0.0 0.0 4.0 22.1 15.0 1008.0
| That's the answer I was looking for.
|========================================================== | 84%
| What is the median population (in millions) for countries *without* the
| color red on their flag?
1: 3.0
2: 9.0
3: 4.0
4: 22.1
5: 0.0
6: 27.6
Selection: 1
| Great job!
|============================================================= | 88%
| Lastly, use the same approach to look at a summary of population values for
| each of the six landmasses.
> tapply(flags$population,flags$landmass,summary)
$`1`
Min. 1st Qu. Median Mean 3rd Qu. Max.
0.00 0.00 0.00 12.29 4.50 231.00
$`2`
Min. 1st Qu. Median Mean 3rd Qu. Max.
0.00 1.00 6.00 15.71 15.00 119.00
$`3`
Min. 1st Qu.
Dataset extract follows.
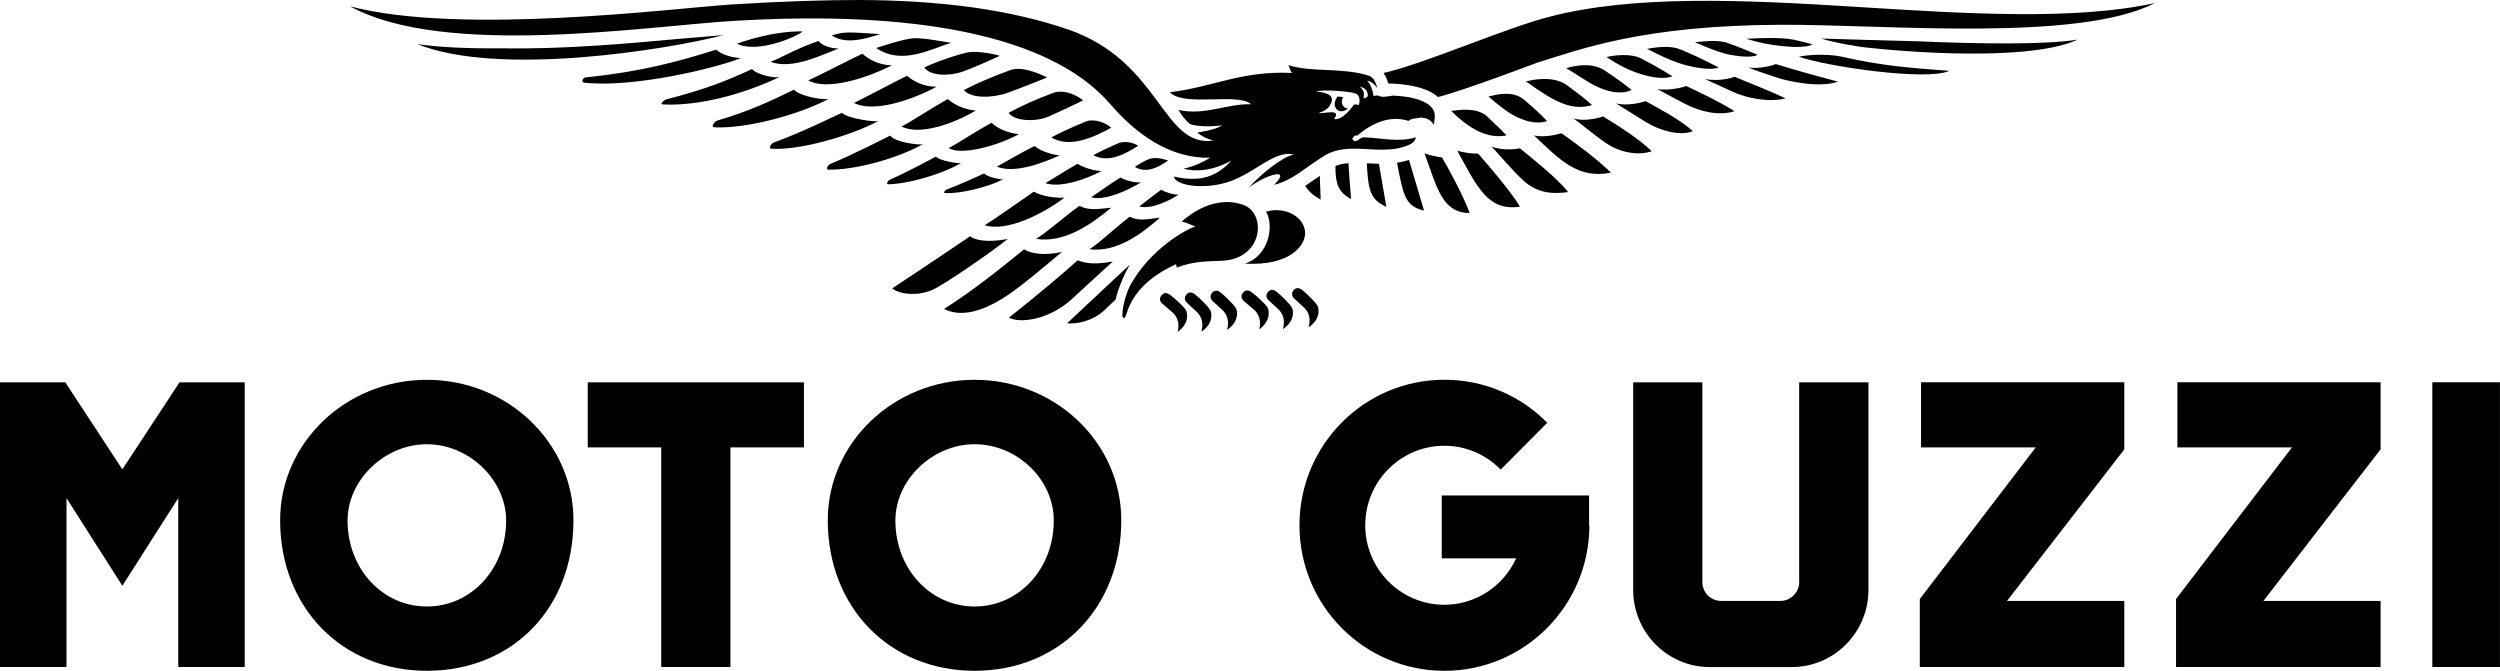 <?xml version="1.0" encoding="UTF-8"?><svg id="Layer_1" xmlns="http://www.w3.org/2000/svg" viewBox="0 0 407.84 109.44"><path d="M159,98.94c-7.25,0-12.93-6.16-12.93-14.02,0-6.64,6.04-12.45,12.93-12.45s12.91,5.7,12.91,12.45c0,7.86-5.67,14.02-12.91,14.02M159,61.96c-13.21,0-23.96,10.27-23.96,22.91,0,14.24,10.08,24.56,23.96,24.56s23.92-10.32,23.92-24.56c0-12.64-10.72-22.91-23.92-22.91M69.64,98.94c-7.26,0-12.94-6.16-12.94-14.02,0-6.64,6.06-12.45,12.94-12.45s12.93,5.82,12.93,12.45c0,7.86-5.67,14.02-12.93,14.02M69.64,61.96c-13.2,0-23.94,10.27-23.94,22.91,0,14.24,10.07,24.56,23.94,24.56s23.91-10.1,23.91-24.56c0-12.64-10.72-22.91-23.91-22.91M396.8,108.81h11.03v-46.45h-11.03v46.45ZM355.21,72.99h18.69s-18.72,24.48-18.91,24.73v11.09h33.37v-10.78h-19.11s18.9-24.48,19.11-24.72v-10.95h-33.15v10.62ZM313.39,72.99h18.71s-18.72,24.48-18.91,24.73v11.09h33.36v-10.78h-19.13s18.93-24.48,19.13-24.72v-10.95h-33.16v10.62ZM293.52,94.97c0,1.66-1.39,3.06-3.05,3.06h-9.7c-1.68,0-3.05-1.37-3.05-3.06v-32.6h-11.29v33.86c0,6.94,5.59,12.59,12.48,12.59h13.39c6.9,0,12.51-5.64,12.51-12.59v-33.86h-11.3v32.6ZM95.88,72.99h11.99v35.82h11.29v-35.82h11.99v-10.62h-35.27v10.62ZM19.96,76.57s-9.04-13.79-9.31-14.2H0v46.44h10.85v-27.55s8.38,13.17,9.11,14.3c.71-1.13,9.12-14.3,9.12-14.3v27.55h10.84v-46.44h-10.63c-.26.41-9.33,14.2-9.33,14.2M259.22,80.83h-24.02v10.25h12.14c-2.04,4.47-6.52,7.58-11.72,7.58-7.11,0-12.9-5.81-12.9-12.97s5.78-12.97,12.9-12.97c3.62,0,6.83,1.48,9.2,3.88l7.59-7.63c-4.29-4.37-10.22-7.02-16.78-7.02-13.05,0-23.64,10.62-23.64,23.75s10.59,23.73,23.64,23.73,23.6-10.59,23.66-23.65h-.05v-4.94Z"/><path d="M304.93,7.8c9.7,1.04,27.04,1.91,34.02-1.34-5.28.86-16.06.71-26.31.27-2.98-.07-5.94-.16-8.8-.24-2.33-.08-4.59-.14-6.73-.2,2.05.66,6.37,1.41,7.83,1.51M293.48,9.25c4.55,1.61,20.88,4,24.52,2.31-6.66-.51-10.99-.82-17.52-2.31-2.82-.59-6.22-.21-7,0M242.82,15.75c.74.64,1.51,1.29,2.57,2.08,1.7,1.28,4.59,2.73,6.99,1.92-.84-.92-2.21-2.18-3.63-3.38-.01,0-.02-.01-.03-.02-1.98-1.75-4.73-.85-5.9-.6M245.77,22.09c-.57-.61-1.87-1.9-3.25-3.17-1.66-1.43-4.56-1-5.77-.82,2.23,2.21,5.45,4.71,9.02,3.99M248.9,13.31l.37.19c.82.61,1.72,1.23,2.81,1.91,1.97,1.22,4.68,2.68,7.63,1.72-.93-.89-2.71-2.21-4.18-3.3-2.26-1.5-5.42-.85-6.62-.53M255.51,11.11h-.01c1.16.74,2.46,1.53,3.63,2.27,1.91,1.2,4.96,2.34,7.04,1.29-1.04-.86-2.64-2.02-4.29-3.11-2.28-1.54-5.17-.77-6.37-.44M262.08,9.31c.89.58,1.62,1.04,2.92,1.71,1.91.97,5.71,2.24,7.83,1.43-.59-.38-2.6-1.64-5.13-2.92-1.64-.85-4.43-.53-5.62-.22M268.69,7.96c1.78.91,3.42,1.75,5.48,2.42,1.45.48,4.9,1.24,6.19.61-.79-.4-3.15-1.63-5.97-2.83-.08-.02-.16-.06-.26-.09-1.77-.76-4.1-.31-5.44-.11M276.49,6.88h0c1.7.73,3.21,1.41,5.11,1.91,1.22.31,4.1.75,5.13.16-.68-.28-2.76-1.2-5.21-2.05-1.63-.4-3.73-.14-5.02-.01M284.88,6.32c1.83.6,3.82.99,5.78,1.19,1.28.14,4.03.34,5.03-.27-.47-.13-1.59-.45-3.06-.76-2.03-.42-5.46-.27-7.75-.16M290.24,12.77c1.22.37,6.39,1.66,9.62.55-4.77-1.25-7.73-2.12-10.16-2.87-.76.33-2.77.8-4.5.57.87.36,3.83,1.38,5.04,1.75M282.68,14.97c2.28,1.07,6.01,1.78,8.62,1.07-2.87-1.33-5.74-2.43-8.34-3.52-.59.28-2.6.75-4.8.39.86.4,2.54,1.13,4.52,2.06M275.08,17.03c2.12,1.08,5.33,1.98,7.89,1.1-2.68-1.64-5.39-2.92-7.89-4.1-.58.27-3,.79-4.71.5.96.5,2.71,1.49,4.7,2.5M268.54,19.93c2.18,1.35,5.54,2.33,7.63,1.47-2.02-1.84-5.41-3.63-7.71-4.9-.66.24-3.01.83-4.82.37.98.62,2.86,1.79,4.89,3.06M262.08,23.39c2.18,1.49,5.18,2.05,7.37,1.28-1.99-1.98-5.61-4.26-7.92-5.67-.69.22-2.98.88-4.81.33.98.69,3.33,2.69,5.36,4.07M250.26,22.1c4.22,4,7.18,7.16,12.55,6.06-2.23-2.17-5.64-4.72-8.07-6.42-.65.17-2.67.75-4.48.36M248.57,29.5c.86.77,1.78,1.3,2.8,1.63,1.09.33,2.33.44,3.83.28.2-.02.41-.04.61-.08-1.72-2.22-5.77-5.44-7.87-7.14-.88.21-2.91.36-4.65-.28,0,0,0,0,0,0,.89.81,3.44,3.94,5.27,5.58M237.73,24.57c3.32,6.06,5,9.87,10.22,9.16-1.25-2.28-5.56-7.25-6.81-8.66-.9.02-2.41-.16-3.41-.5M235.25,25.68c-.52-.06-1.77-.25-2.86-.66,2.11,5.79,2.9,9.65,7.34,9.74-.7-2.32-3.87-8.09-4.49-9.08M229.87,26.09c-.6.2-1.25.35-1.97.46.04.2.18.89.18.89.88,4.49,1.25,6.23,4.23,6.91-.13-.45-2.38-8.02-2.45-8.26M224.96,26.72c-.2,0-1.94-.08-1.99-.08.26,4.19.43,5.86,3.19,7.1-.09-.49-1.17-6.81-1.21-7.02M219.99,26.62c-.84.06-1.53.21-2.13.47v.23c0,2.62.46,4.04,2.55,5.15-.04-.48-.23-2.9-.23-2.9,0,0-.18-2.68-.2-2.95M214.67,29.13h0s-1.52,1.04-1.74,1.19c.48.84,1.32,1.58,2.52,2.26-.02-.48-.13-3.44-.13-3.44,0,0,0-.24,0-.45-.24.16-.64.44-.64.44M211.09,48.66c.49.48.8.71,1.75,1.61.87.91.94,2.04.64,3.13,1.84-1.23,1.77-2.87,1.47-3.48-.29-.6-1.88-2.11-2.48-2.59-.6-.47-1.02-.39-1.35-.07-.32.31-.55.87-.02,1.4M206.53,34.52c1.27,1.99.71,7.12-3.45,8.49,7.58.4,9.87-3.09,9.83-5.01-.06-2.67-3.32-4.38-6.38-3.47M208.66,50.57c.87.91.93,2.04.63,3.12,1.85-1.23,1.78-2.86,1.48-3.48-.29-.6-1.87-2.11-2.48-2.59-.6-.48-1.02-.39-1.35-.07-.32.3-.55.86-.03,1.39.48.48.8.72,1.75,1.62M202.85,47.67c-.31.32-.52.88.03,1.4.5.46.82.69,1.81,1.55.89.89,1.01,2.01.74,3.1,1.8-1.29,1.68-2.92,1.36-3.53-.31-.59-1.95-2.04-2.57-2.5-.62-.45-1.03-.35-1.35-.03M197.79,49.08c.49.48.8.71,1.75,1.61.86.91.93,2.04.64,3.13,1.84-1.23,1.77-2.87,1.47-3.48-.29-.6-1.88-2.11-2.48-2.59-.61-.47-1.02-.39-1.36-.07-.31.31-.54.86-.02,1.4M195.36,51c.86.91.93,2.05.62,3.12,1.85-1.23,1.78-2.86,1.48-3.48-.29-.6-1.87-2.11-2.48-2.59-.6-.48-1.01-.39-1.35-.08-.32.31-.55.86-.02,1.4.48.48.8.72,1.75,1.62M189.55,48.1c-.31.32-.53.88.03,1.4.5.47.82.69,1.8,1.55.89.88,1.01,2.01.74,3.1,1.8-1.29,1.67-2.92,1.36-3.53-.31-.59-1.95-2.04-2.57-2.5-.62-.46-1.03-.36-1.35-.03M184.31,46.69c-.28.51-1.24,2.98-1.21,4.84.05.24.2.38.32.34.11-.03.17-.16.3-.55.79-2.54,2.6-5.68,8.13-8.22.05.09.09.33.12.55,2.88-1.11,5.28-1,7.41-1.11,6.7-.33,7.23-7.63,3.57-9.07-.76-.29-4.94-1.89-10.18,2.67.57.09,2.25.81,2.25.81-1.53.43-7.52,3.79-10.71,9.73M133.58,6.67c-3.47,1.15-6.64,3.01-7.89,3.41,3.53,1.34,8.38-1.13,11.13-2.17-1.37.01-2.91-.57-3.25-1.24M130.92,5.12c-4.89-.06-9.73,1.67-10.7,2,3.28,1.69,9.92-1.17,10.7-2M175.77,26.72c-1.96,1.13-4.28,2.6-5.23,3.16,2.5.85,6.75-.7,9.17-1.98-1.13-.02-3.01-.54-3.94-1.19M172.86,25.35c-1.29-.12-3.09-.7-4.09-1.53-2.32,1.16-5.02,2.77-6.15,3.36,2.8,1.18,7.39-.53,10.23-1.83M182.77,28.96c-1.81,1.14-3.9,2.66-4.78,3.23,2.4.59,5.92-1.12,8.15-2.43-1.06.05-2.47-.29-3.37-.81M181.28,33.89c-2.08.17-3.55.54-5.19-.31-2.6,1.87-5.5,4.49-7.08,5.39,4.63.72,8.97-2.35,12.27-5.08M184.3,35.35c-2.41,1.85-5.1,4.42-6.57,5.31,4.41.56,8.45-2.47,11.51-5.15-1.98.22-3.36.62-4.94-.15M173.64,32.25c-1.79.06-3.57-.23-4.99-.98-3.08,2.12-6.27,4.4-8.01,5.48,3.71,1.12,9.59-1.91,13-4.5M154.18,31.5c2.52.12,6.98-.96,9.49-2.26-.25.13-2.73-.38-3.11-.95-.54.24-3.82,1.77-6.17,2.65-.16.06-.28.21-.34.35-.04.11-.03.2.13.21M154.79,24.16c2.07,1.28,8.11-.44,11.42-2.27-1.81-.23-3.28-.79-4.46-1.86-2.79,1.53-5.5,3.35-6.96,4.13M159.19,18.04c-1.96-.17-3.57-1-4.58-1.88-3.26,1.86-5.84,3.6-7.53,4.48,3.01,1.54,8.63-.54,12.11-2.6M152.79,14.14c-2.2.03-3.86-.95-4.82-1.78-2.29,1.13-6.47,3.36-8.64,4.43,3.05,1.63,9.35-.4,13.47-2.65M145.48,10.65c-2.2-.02-3.84-1.04-4.78-1.89-2.31,1.07-6.61,3.33-8.82,4.36,3.01,1.7,9.42-.32,13.6-2.46M136.99,5.43c-.61.14-1.09.26-1.31.33,2.31,1.63,5.79.47,7.9-.19-2.88-.2-5.28-.4-6.58-.14M148.57,6.29c-2.4.42-4.47,1.2-5.64,1.54,4.37,2.96,9.2-.03,12.25-.83-2.07-.36-5.24-.95-6.61-.71M157.57,8.61c-3.23.83-6.06,2.03-6.78,2.39.93,1.4,4.04,1.47,6.29.67,1.74-.62,3.83-1.57,6.04-2.56-1.35-.42-4.14-.88-5.55-.5M164.76,11.46c-2.72.98-5.67,2.24-7.51,3.23,1.07,1.37,4.59,1.35,7.05.47,2-.71,4.04-1.52,6.54-2.53-1.52-.72-4.23-1.89-6.08-1.17M171.85,15.14c-2.93,1.08-5.56,2.3-7.31,3.27.97,1.38,4.44,1.53,6.6.57,1.78-.79,3.5-1.6,5.6-2.62h-.08c-.94-.82-3.01-1.81-4.81-1.22M177.28,19.77c-2.26.9-4.81,2.11-5.77,2.65,3.04,1.82,6.98-.06,9.79-1.59h-.05c-.74-.72-2.46-1.49-3.98-1.06M182.38,23.39c-1.79.78-3.41,1.58-4.01,1.93,2.5,1.36,5.38-.3,7.31-1.55-.68-.44-2.14-.89-3.29-.38t0,0M187.02,26.12c-.86.45-1.56.86-1.89,1.11,2,1.18,4.04-.08,5.44-1.04-.91-.29-2.32-.73-3.54-.06M192.29,31.75c-.8.04-2.16-.36-2.84-.8-1.36.96-2.93,2.25-3.59,2.73,1.81.51,4.75-.83,6.42-1.93M184.34,43.14c-1.22,1.14-9.82,9.2-10.27,9.61,1.47.11,4.14-.25,6.25-2.28l.58-.56s1.07-1.04,1.08-1.01c.4-1.75,1.34-4.01,2.35-5.76M175.8,42.47c-2.76,2.48-6.53,5.64-11.2,9.35,1.79.98,6.55.34,10.2-2.98l4.58-4.21s1.88-1.71,2.16-1.96c-2.72.45-4.22.4-5.73-.21M167.06,40.68c-3.59,2.93-8.79,7.09-13.05,9.71,1.85.98,5.15,1.33,10.56-2.36,2.1-1.43,5.06-3.89,8.68-6.94-3.06.72-5.35.17-6.19-.42M158.25,38.55s-7.79,5.28-12.7,8.49c1.09.94,4.01,1.34,6.51.27,1.82-.77,9.66-6.15,12.33-8.32-3.73.7-5.6.04-6.14-.45M144.73,29.8c-.04.14-.02.26.19.26,3.18-.04,8.67-1.6,11.88-3.47-.3.17-3.58-.37-4.11-1.04-.66.35-4.67,2.51-7.56,3.79-.19.08-.32.29-.4.47M134.94,27.33c-.06.18-.04.34.22.35,4.07.07,10.93-1.66,15.43-4.17-.4.22-4.55-.25-5.37-1.39-.86.43-6.04,3.09-9.77,4.63-.25.1-.43.36-.52.59M125.64,23.87c-.08.2-.06.38.24.4,4.61.27,12.73-2.06,17.44-4.53-.45.23-5.09-.4-5.96-1.34-1,.43-6.79,3.3-11.1,4.84-.29.1-.51.38-.62.63M116.31,20.35c-.09.22-.07.4.27.42,5.14.25,13.71-2.03,18.64-4.65-.5.26-4.64-.31-5.7-1.49-3.45,1.69-7.23,3.5-12.5,5.04-.33.09-.57.41-.7.68M107.98,16.76c-.11.17-.1.26.28.28,5.44.26,12.6-1.47,18.95-4.49-.56.27-3.72-.3-4.52-1.29-4.08,1.92-7.95,3.41-13.89,4.92-.37.09-.66.37-.82.58M95.3,13.49c8.11.87,21.44-2.37,25.56-4.01-2.06-.13-3.47-.84-4.01-1.38-6.06,1.9-12.22,3.61-21.27,4.52-.55.05-.81.81-.28.87M81.88,7.88c-5.28.05-10.14-.14-13.81-.69,13.31,5.39,40.93.88,49.97-1.46l-7.16.6c-8.54.78-19.01,1.73-28.99,1.55M219.94,17.68c-.22.02-.45-.04-.65-.21-.43-.37-.52-1.08-.19-1.59,0-.02.03-.03.05-.05l-.96-.08c-1.24,1.72.33,3.2,1.74,1.92M223.15,15.68c-.19.17-.51.48-.67.31-.16-.16.45-.92-.66-1.87.71.22,1.3.44,1.33,1.56M221.62,17.2c-.12-.2-.67-.21-.77-.08-1.83,2.49-2.87,2.36-3.22,2.29,1.39-1.83-1.92-.77-2.5-.97.79-.28,1.46-.66,1.73-1.09.84-1.34.58-2.14-2.22-2.44,1.78-.37,5.4.06,6.03.21.71.17,1.01.33,1.1,1.04.06.44,0,.74-.15,1.04M224.07,15.72c-.05-.87-.58-2.2-1.06-2.54.7.04,1.3.65,1.69,1.21-.2-.76-.5-1.37-.8-1.66-.02-.02-.04-.04-.06-.06-.04-.03-.08-.06-.12-.08h0c-.09-.09-.2-.15-.31-.21-4.49-1.44-9.08-.5-13.22-1.74.15.37.39,1.03.56,1.26-8.25-.39-12.77,2.29-19.92,3.15,2.38,2.46,11.08,0,13.27,1.96-4.03-.12-7.49,1.89-11.85.93.51.86,1.06,1.59,1.86,2.29,1.08.41,3.37.49,5.28.21-1.23.85-4.17,1.14-4.04,1.22.38.33,1.49,1.03,2.64,1.26-8.41,1.28-8.55-12.87-23.76-18.12C164.81,1.58,153.53.04,140.1,0c-5.14-.01-12.95.23-20.76.73-9.56.62-44.13,5.08-62.24.3,15.41,8.46,48.43,3.22,62.67,2.37,43.74-2.61,56.8,8.35,61.34,13.57,4.34,5,9.73,8.88,16.32,8.77-1.35.83-2.82,1.45-4.37,1.78,4.11,1.08,7.78-1.37,7.82-1.33-2.84,3.23-6.02,3.35-9.39,2.62.26,1.31,3.98,2.05,7.83,1.17,4.97-1.13,8.36-5.59,11.72-4.78-1.96.5-5.08,2.98-7.34,5.41,3.03-2.25,7.06-3.32,4.15-.46,3.18-.79,5.12-2.88,8.11-4.68,3.91-2.53,8.94-.06,13.3-1.6.71-.27,1.56-.57,1.73-1.47-2.86.87-5.56.1-8.51,0-.67-.04-1.31,1.24-1.87.26.1-.26.4-.7.8-.53,2.29-1.98,5.32-3.41,8.38-2.4.5-.47,1.23-.37,1.86-.54.92-.03,1.81.33,2.25,1.19.07-.44.13-.87.13-.88.09-.59.03-1.09-.18-1.53-.02-.03-.03-.06-.05-.09-.04-.08-.09-.14-.14-.21-.14-.18-.3-.36-.48-.51-.03-.02-.06-.05-.09-.07-.03-.02-.05-.04-.08-.06-.52-.37-1.34-.77-2.66-1.07-1.01-.21-2.09-.31-3.09-.37-.78.1-1.77.4-2.4,0-.28,0-.6-.04-.8.13M351.58.49c-13.07,2.88-31.04,1.74-48.56.64-18.74-1.18-36.3-1.96-50.01,1.54-7.61,1.94-20.28,7.62-27.3,9.24.35.51.6,1.11.77,1.7,3.85.11,6.59.85,8.11,2.22,4.11-1.03,16.12-5.58,16.13-5.59,7.33-2.27,17.33-6.09,39.71-6.2,16.8-.09,48.53,2.92,61.14-3.55"/></svg>

Median Mean 3rd Qu. Max.
0.00 0.00 8.00 13.86 16.00 61.00
$`4`
Min. 1st Qu. Median Mean 3rd Qu. Max.
0.000 1.000 5.000 8.788 9.750 56.000
$`5`
Min. 1st Qu. Median Mean 3rd Qu. Max.
0.00 2.00 10.00 69.18 39.00 1008.00
$`6`
Min. 1st Qu. Median Mean 3rd Qu. Max.
0.00 0.00 0.00 11.30 1.25 157.00
| You are doing so well!
|=============================================================== | 92%
| What is the maximum population (in millions) for the fourth landmass group
| (Africa)?
1: 5.00
2: 56.00
3: 119.0
4: 157.00
5: 1010.0
Selection: 2
| All that practice is paying off!
|================================================================== | 96%
| In this lesson, you learned how to use vapply() as a safer alternative to
| sapply(), which is most helpful when writing your own functions. You also
| learned how to use tapply() to split your data into groups based on the
| value of some variable, then apply a function to each group. These functions
| will come in handy on your quest to become a better data analyst.